"Kanaris—is it Kanaris?" she cried. "I am here and safe."

Kanaris ran up, breathless and bloody, and more enthusiastic than his wont.

"It is all over," he panted; "we have driven them out of the village, and the rest from Nauplia are seeing to those who have escaped. Surely you bear the good luck with you, Capsina."

"That is as God wills!" Then lowering her voice: "I am attending to a woman in here, a Greek. Take command of the men, Kanaris, and leave me here. We stop here till morning, and let a good watch be kept. Ay, man, I have killed three Turks, one with the knife and two with the pistol."

Then she went back into the hut again and sat down by Suleima.

"Your name is Suleima, then," she said, in a cold and steady voice, "and your husband's name Mitsos Codones?"

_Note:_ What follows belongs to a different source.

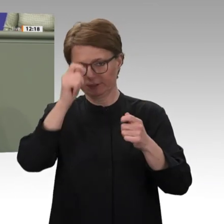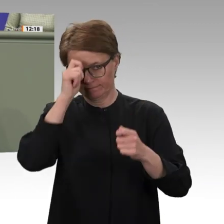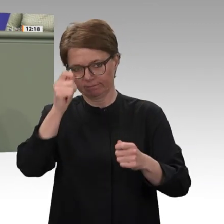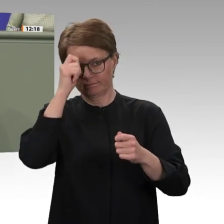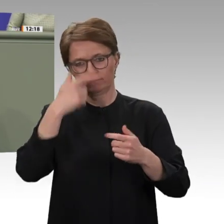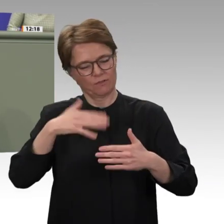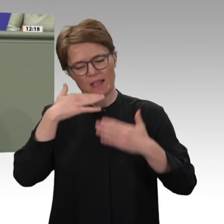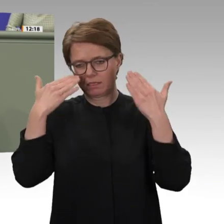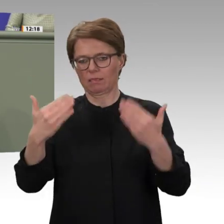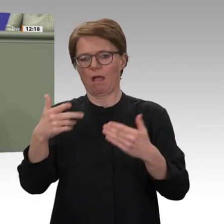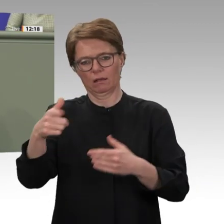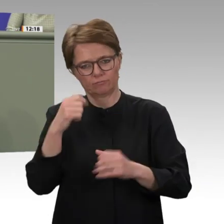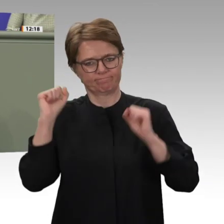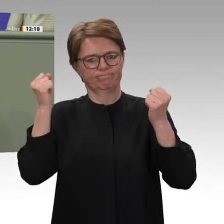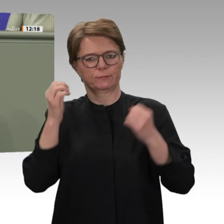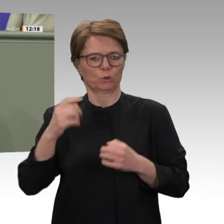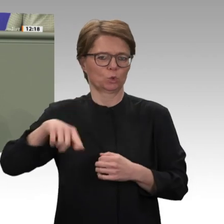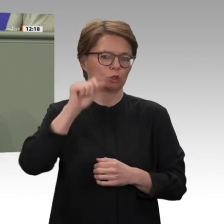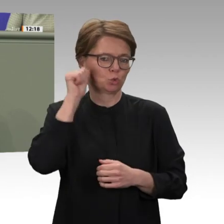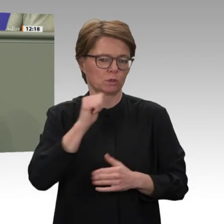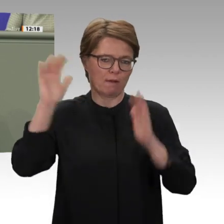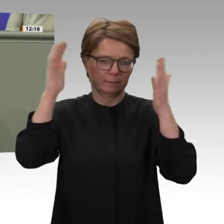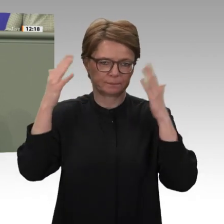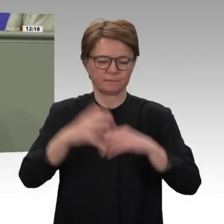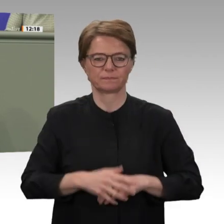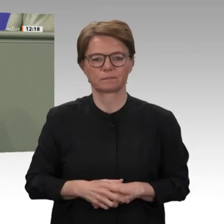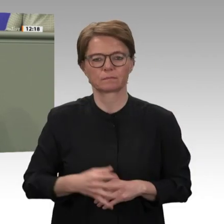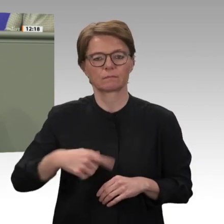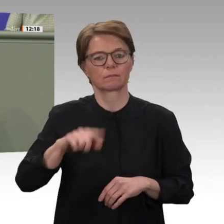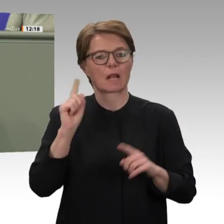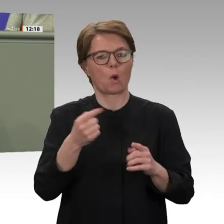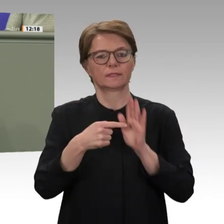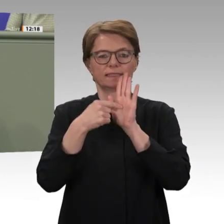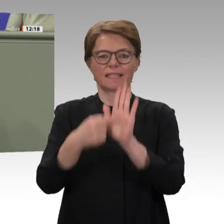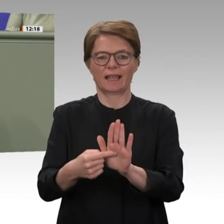Hilfsmaßnahmen müssen zur Unterstützung und langfristigen Sicherung des Friedensprozesses

"Surely," said Suleima. "Oh littlest, hush you, and sleep."

"Give me the child," said the Capsina, suddenly, with a cruel choking in her throat; "let me hold it. Children are good with me."

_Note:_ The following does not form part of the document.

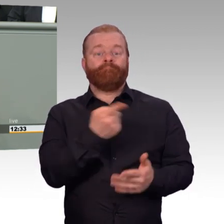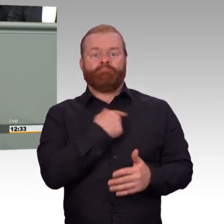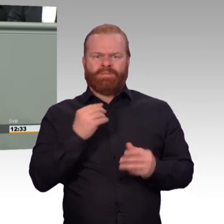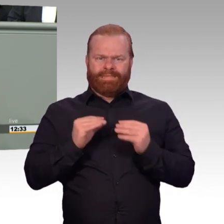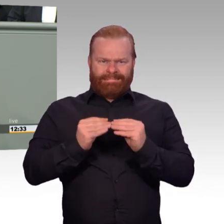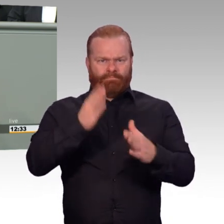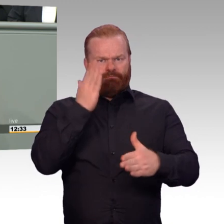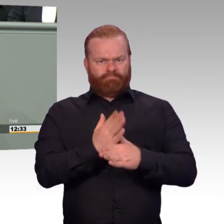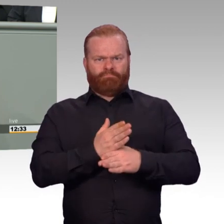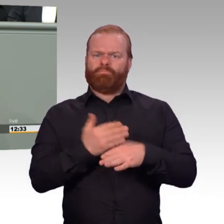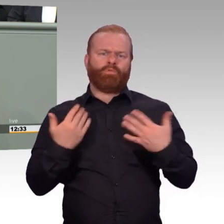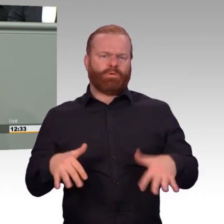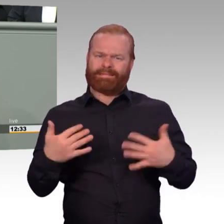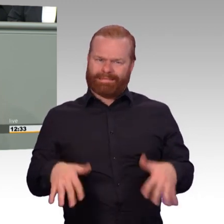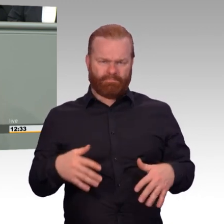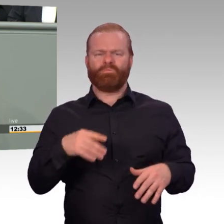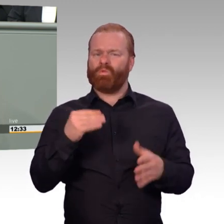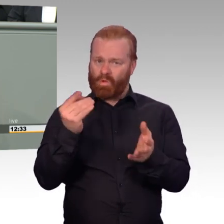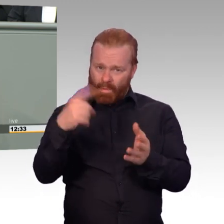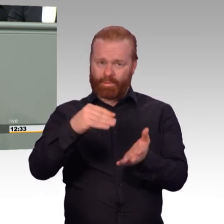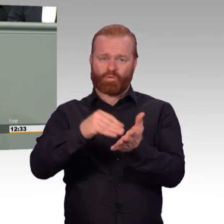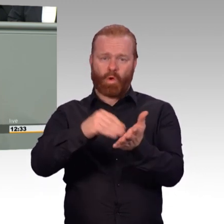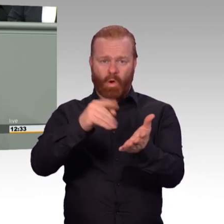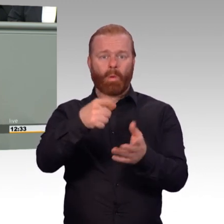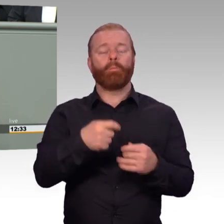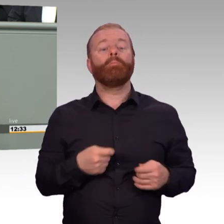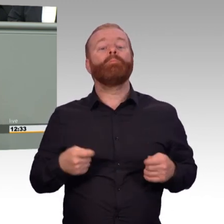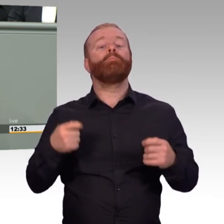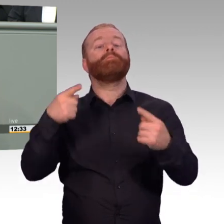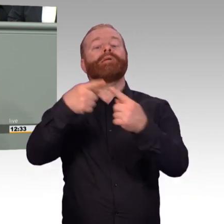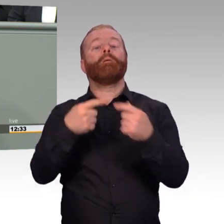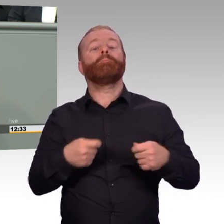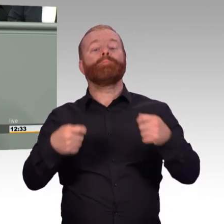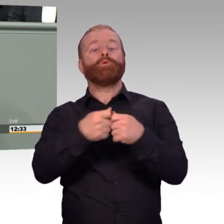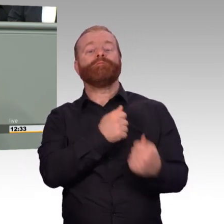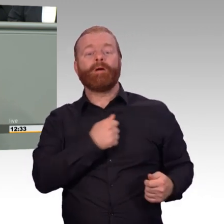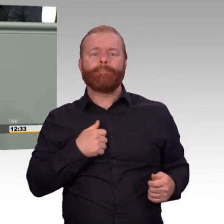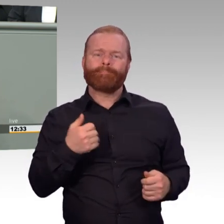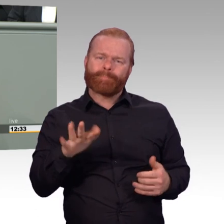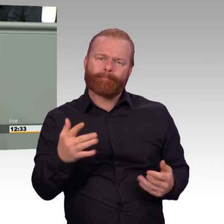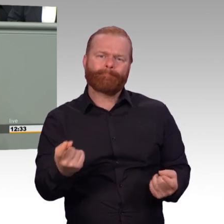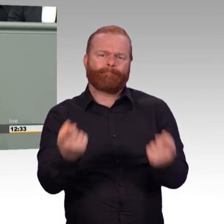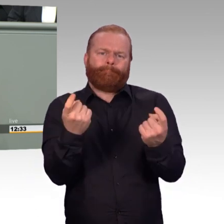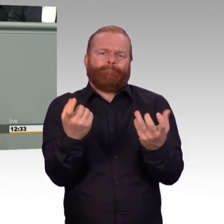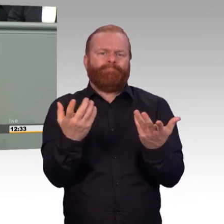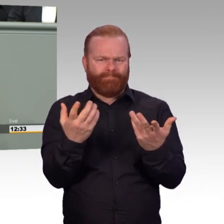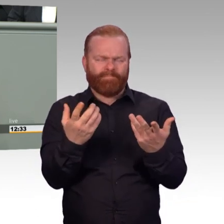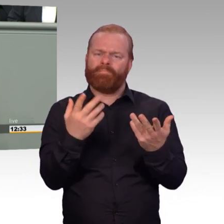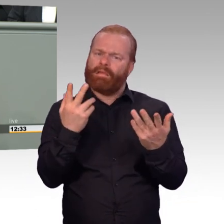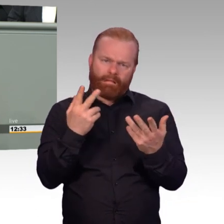Und zu einer starken Armee gehört ein leistungsfähiges Personal. Liebe Kolleginnen und Kollegen, jeder von uns weiß aus Gesprächen

She almost snatched the baby out of Suleima's arms, and in the darkness Suleima, wondering and silent, heard her kissing it again and again, and heard that her breath sobbed as she drew it.

In truth the stress and tempest of the impossible battling with the heart's desire had burst on the girl. At one moment she wondered that her hand did not take up the loaded pistol that lay beside her and kill Suleima as she sat there, and at another that she loved the woman who was loved of Mitsos, and could have found it in her heart to kiss her and cling to her as she had clung to the baby. So this was she whom so strange a pathway had led to her, this Suleima, whom she had seen so often in the visions painted by her imagination. She had pictured herself a hundred times meeting Suleima, killing her, and passing on with the road clear to Mitsos at the end of it. She had pictured Suleima coming to her for safety from the Turks, she had heard herself say: "You come to me for safety?" and laughing in her face at the thought and turning her back to where some hell of death received her. She had seen Suleima a dull hen-wife, fond of Mitsos, no doubt, and clever at the making of jam. What she had not seen was a woman, motherly like this, yet not afraid, a pistol in one hand, the little one on the other arm. Here they were, sitting together in the deserted hut, they two and the baby and the dead Turk, who sprawled on the floor, and yet she fulfilled none of these visions. The knowledge that Suleima had heard her name called by Kanaris, the suspicion that she had betrayed herself, troubled her not at all; the child was Mitsos's, and she devoured it with kisses.